Sorry Jefrs but the above is nonsense

Yes distilled water contains hydronium (H3O) and hydroxide (OH) but so does all water including de-ionised water. Hydronium on it's own is corrosive but not in distilled water as it is neutralised by the Hydroxide hence the PH7.

Dissolving other minerals in water does not make it less corrosive. It is not corrosive to start with. Corrosion on metal is usually caused by oxidation even in stainless steel.

Oxidation resistance depends mainly on temperature, gas composition and moisture level and steel grade (mainly chromium level).

People all over the world drink distilled water with no ill effects and some beverage companies even use it
 
Sorry Jefrs but the above is nonsense

Yes distilled water contains hydronium (H3O) and hydroxide (OH) but so does all water including de-ionised water. Hydronium on it's own is corrosive but not in distilled water as it is neutralised by the Hydroxide hence the PH7.

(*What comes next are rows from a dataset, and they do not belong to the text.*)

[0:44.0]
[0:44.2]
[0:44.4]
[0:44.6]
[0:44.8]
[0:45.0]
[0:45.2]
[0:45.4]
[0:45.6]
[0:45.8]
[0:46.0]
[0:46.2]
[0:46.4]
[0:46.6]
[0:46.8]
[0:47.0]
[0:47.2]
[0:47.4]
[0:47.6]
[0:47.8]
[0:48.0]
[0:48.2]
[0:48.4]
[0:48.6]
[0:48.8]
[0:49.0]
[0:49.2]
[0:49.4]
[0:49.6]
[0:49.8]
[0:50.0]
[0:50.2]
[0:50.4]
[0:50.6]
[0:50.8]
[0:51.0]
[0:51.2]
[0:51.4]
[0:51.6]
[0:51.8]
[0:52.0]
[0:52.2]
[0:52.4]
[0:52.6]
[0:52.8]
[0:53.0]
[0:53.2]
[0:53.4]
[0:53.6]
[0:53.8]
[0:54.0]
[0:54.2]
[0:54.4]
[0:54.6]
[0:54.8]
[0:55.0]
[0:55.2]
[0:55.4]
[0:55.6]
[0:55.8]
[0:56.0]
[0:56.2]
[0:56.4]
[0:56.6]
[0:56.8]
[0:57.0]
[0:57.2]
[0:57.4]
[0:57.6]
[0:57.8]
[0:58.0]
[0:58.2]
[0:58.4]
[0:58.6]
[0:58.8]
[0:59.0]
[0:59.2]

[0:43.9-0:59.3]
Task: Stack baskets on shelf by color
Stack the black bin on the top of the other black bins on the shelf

Dissolving other minerals in water does not make it less corrosive. It is not corrosive to start with. Corrosion on metal is usually caused by oxidation even in stainless steel.

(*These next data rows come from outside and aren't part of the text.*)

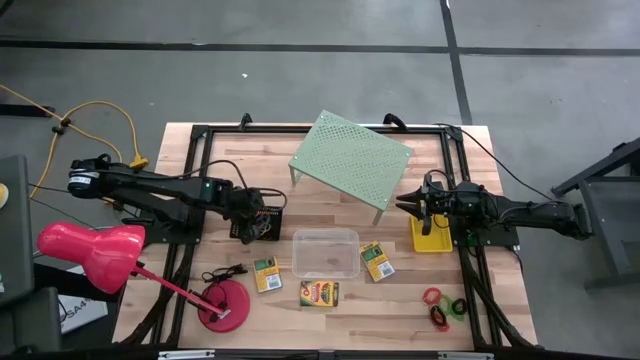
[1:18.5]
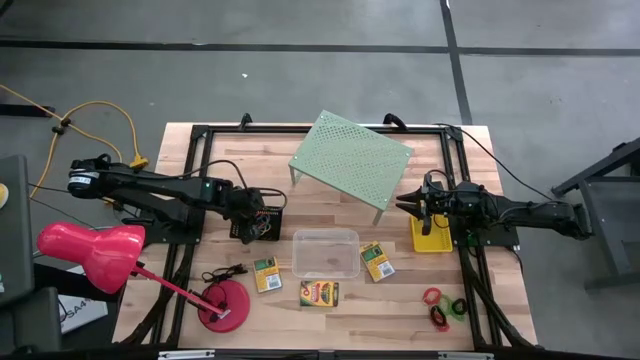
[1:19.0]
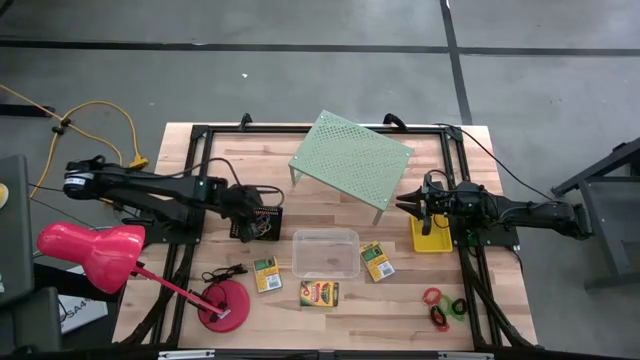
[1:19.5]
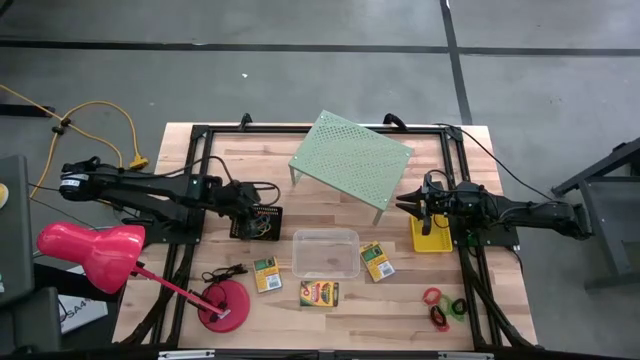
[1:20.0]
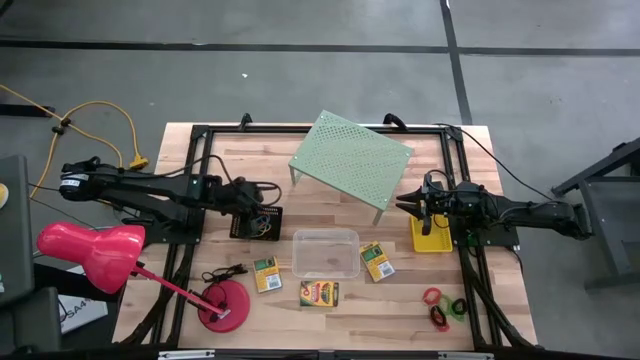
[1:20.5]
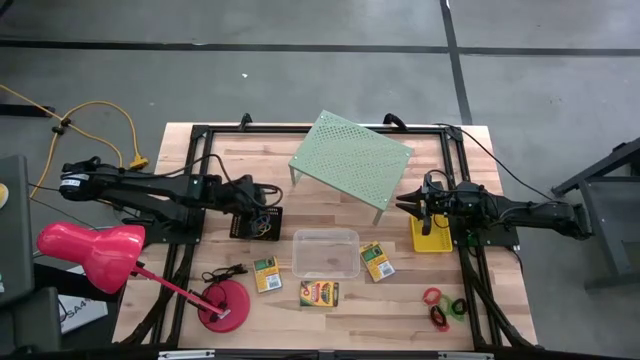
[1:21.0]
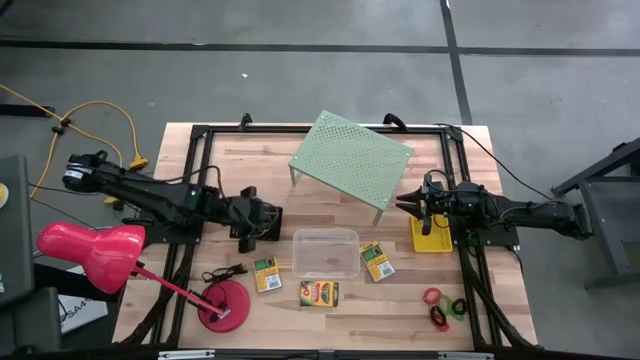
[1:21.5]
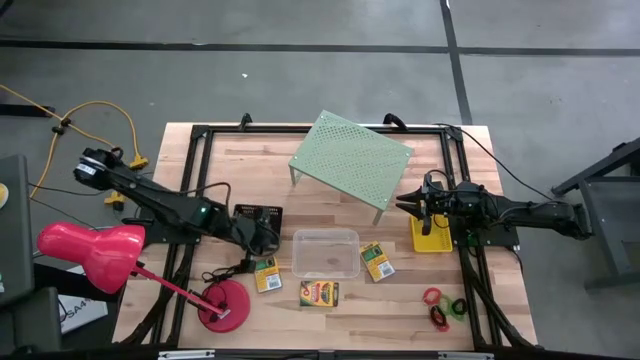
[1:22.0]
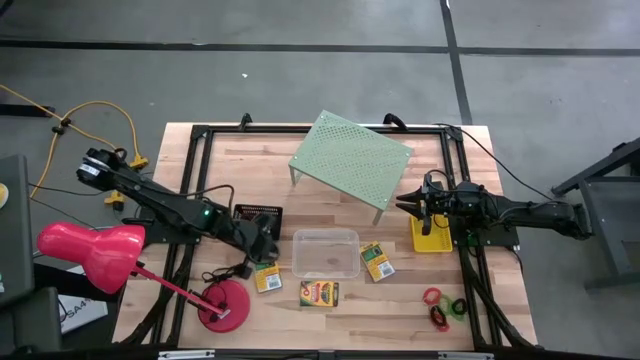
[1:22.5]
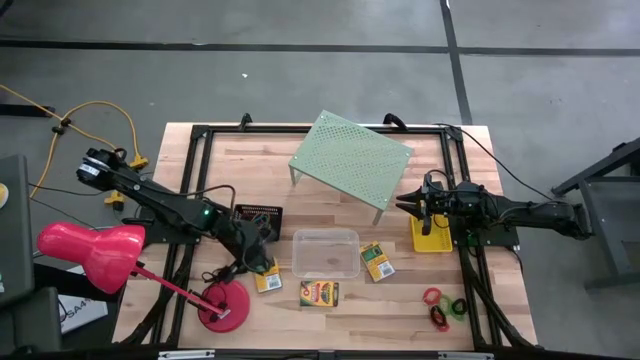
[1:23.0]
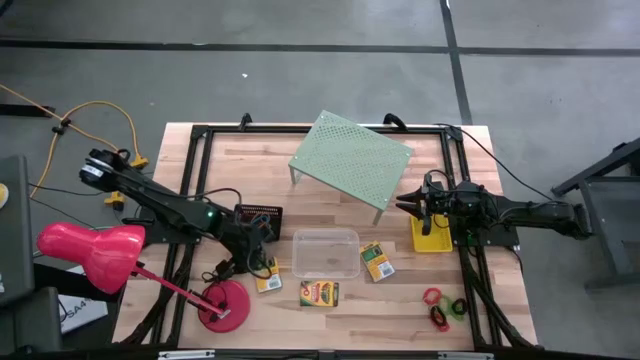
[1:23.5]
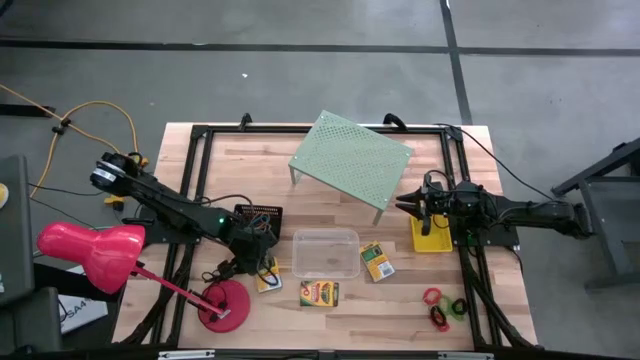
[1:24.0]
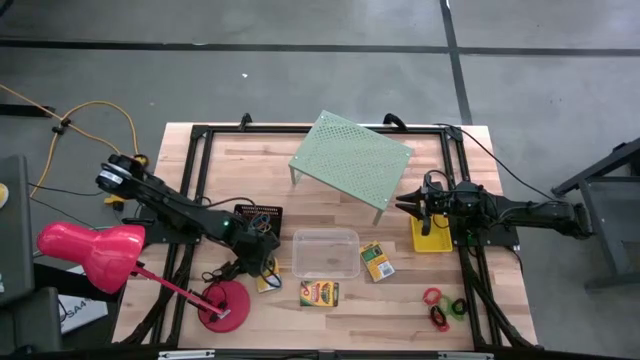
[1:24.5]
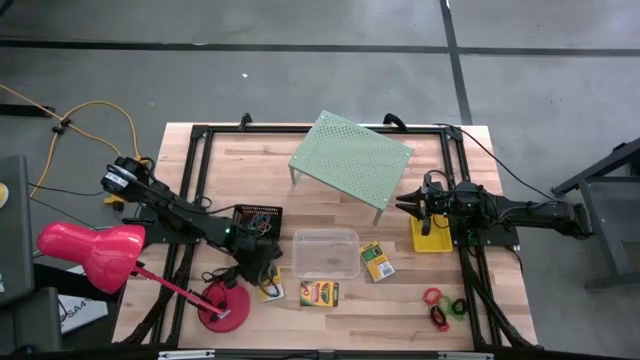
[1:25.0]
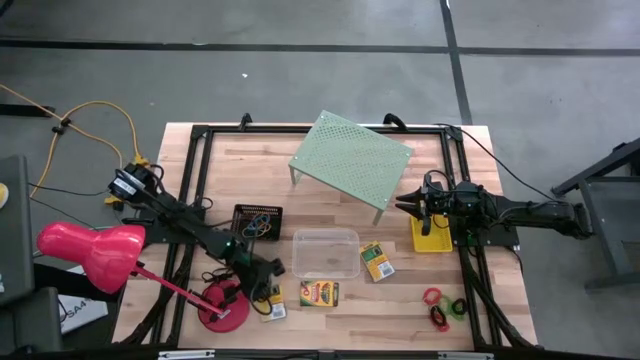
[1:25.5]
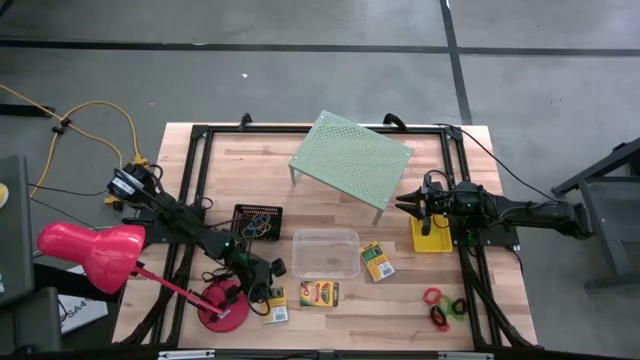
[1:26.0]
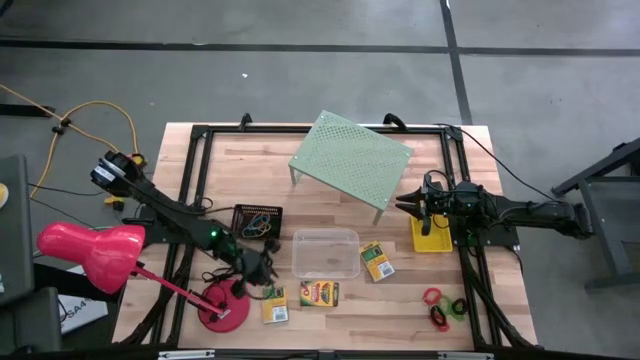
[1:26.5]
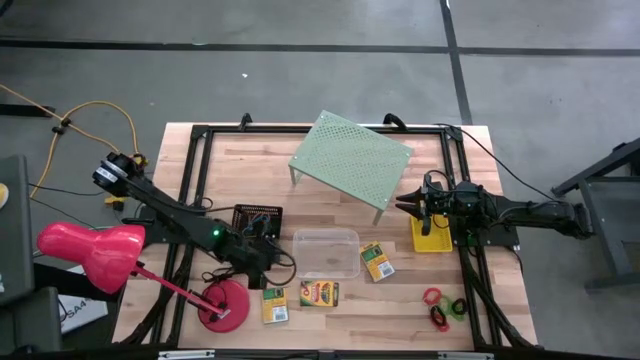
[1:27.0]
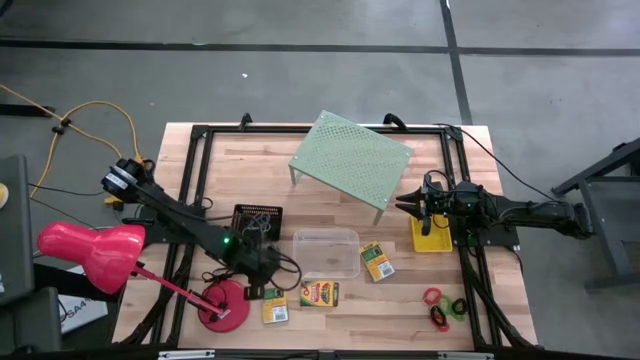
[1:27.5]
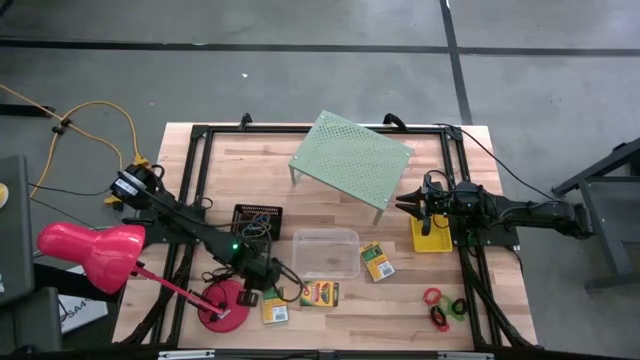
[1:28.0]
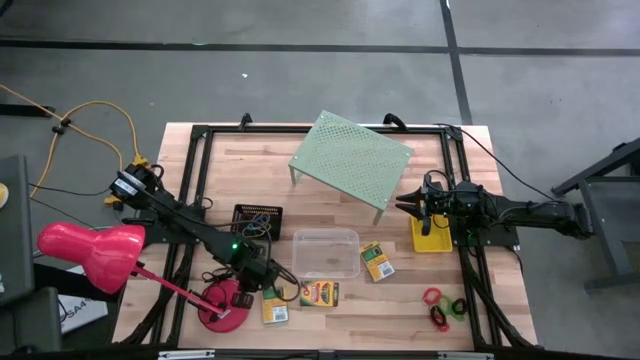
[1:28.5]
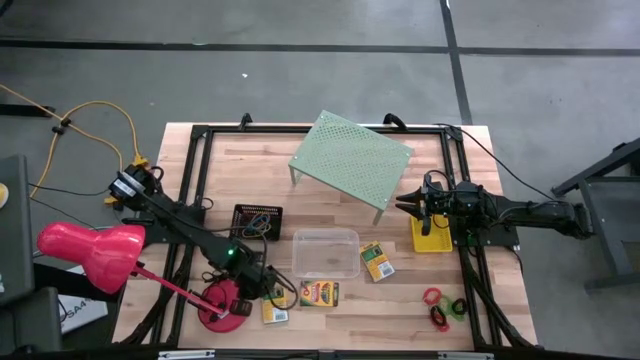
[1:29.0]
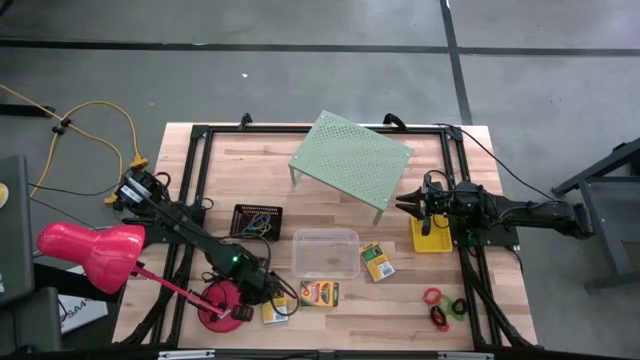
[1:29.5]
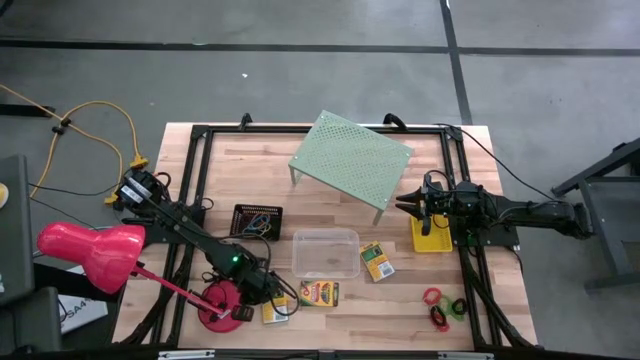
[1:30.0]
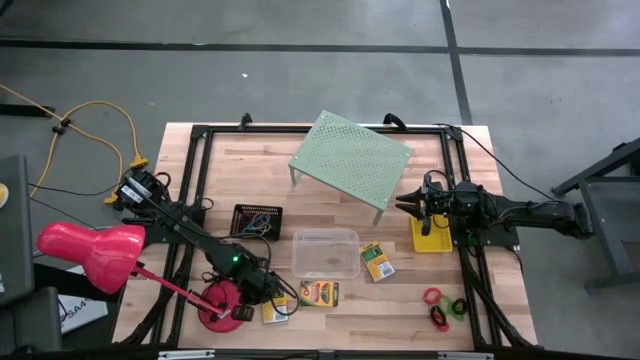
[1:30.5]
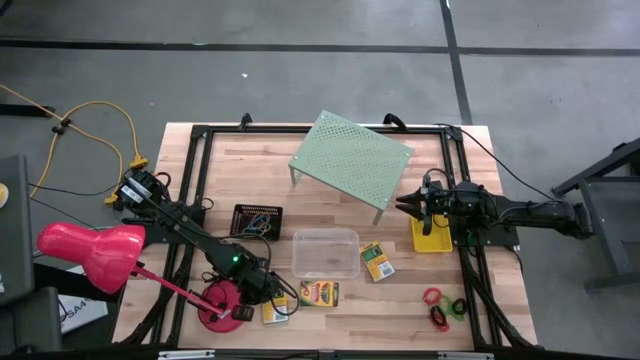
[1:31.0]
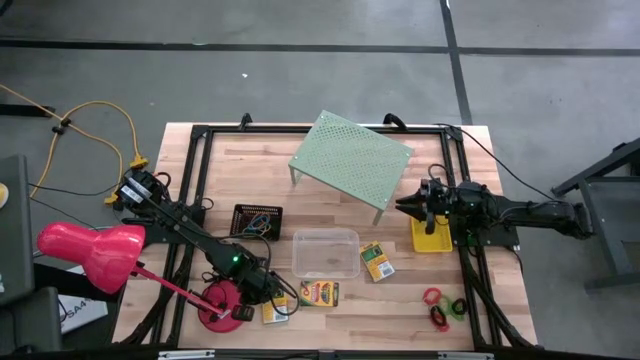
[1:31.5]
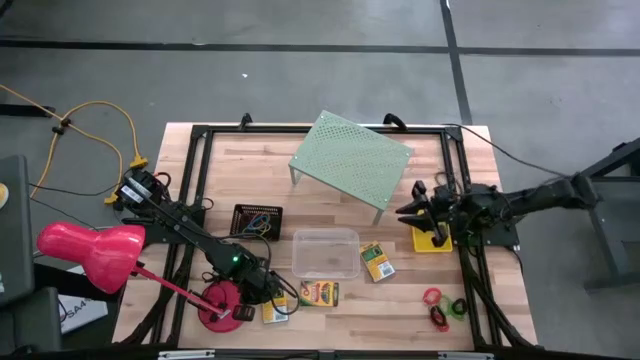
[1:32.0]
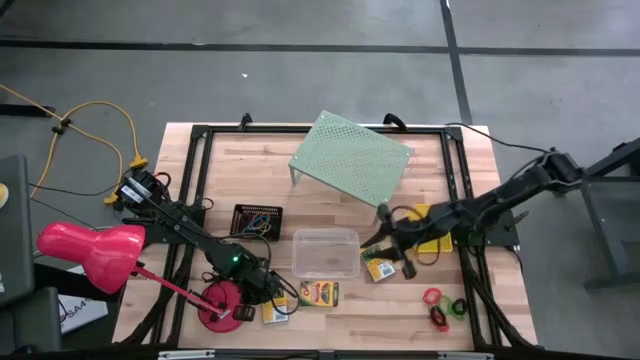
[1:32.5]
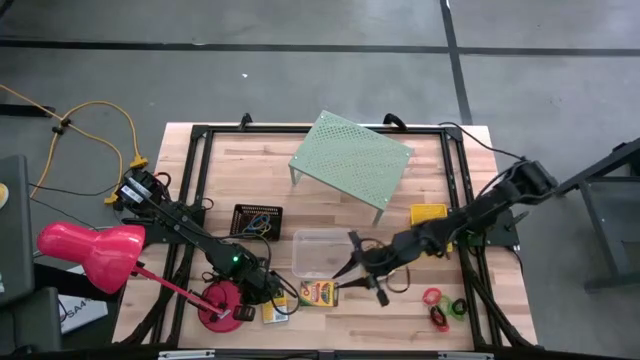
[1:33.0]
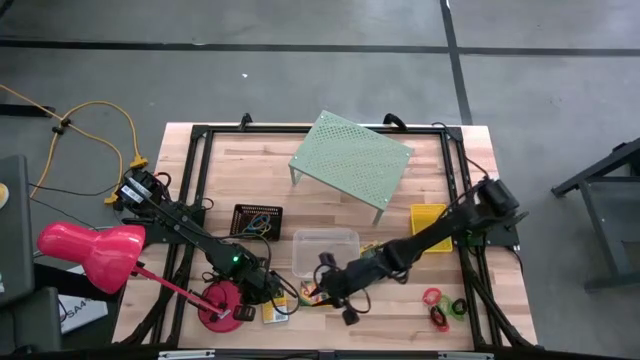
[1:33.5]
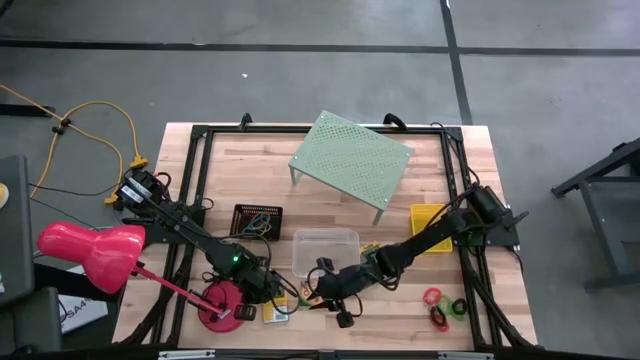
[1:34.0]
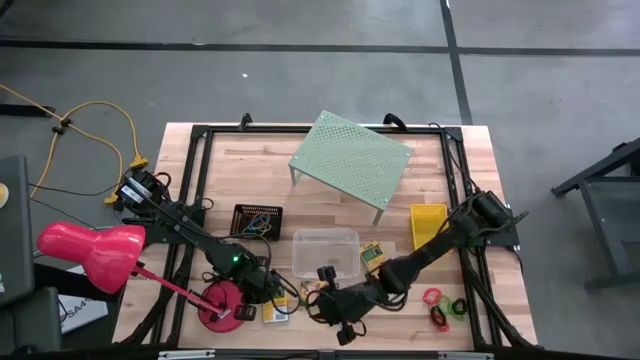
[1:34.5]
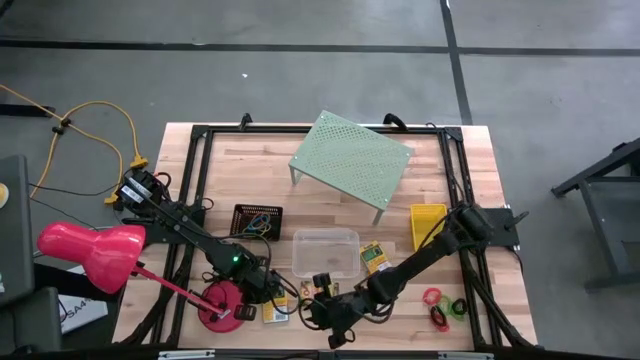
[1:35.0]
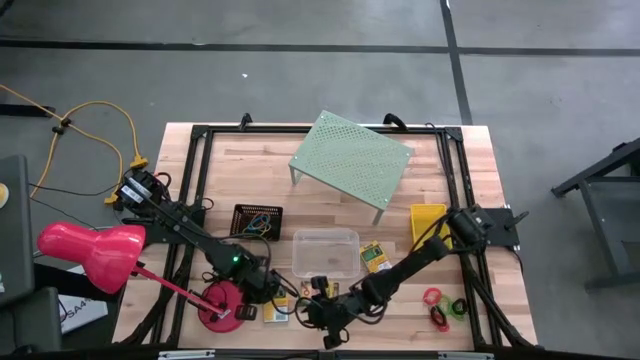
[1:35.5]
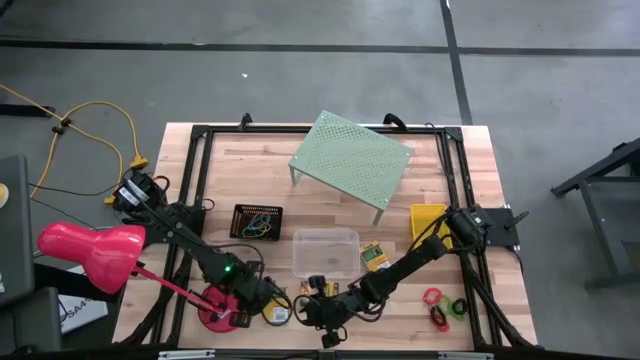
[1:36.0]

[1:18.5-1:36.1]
Task: Pick & Place Office Desk Supplies
Put the left yellow crayon box into the transparent bin

Oxidation resistance depends mainly on temperature, gas composition and moisture level and steel grade (mainly chromium level).

People all over the world drink distilled water with no ill effects and some beverage companies even use it

Sorry but my post was not nonsense at all.

You need to revise on redox potentials and buffering. Distilled water ions exist at full potential and are unbuffered (because there's nothing in it to buffer them). The H30+ is the hydroxonium ion and is the basis of acids: most acids oxidise metals. Papers have been written e.g. "In distilled water, which cannot form a protective scale to reduce the access of oxygen to the zinc surface, the attack is more severe than in most types of domestic or river water, which do contain some scale-forming salts." Ok, that one's for zinc but you get the idea.

In most cases metal corrosion will be accelerated by electricity, the potential of a bi-metal junction is sufficient, see sacrificial anode.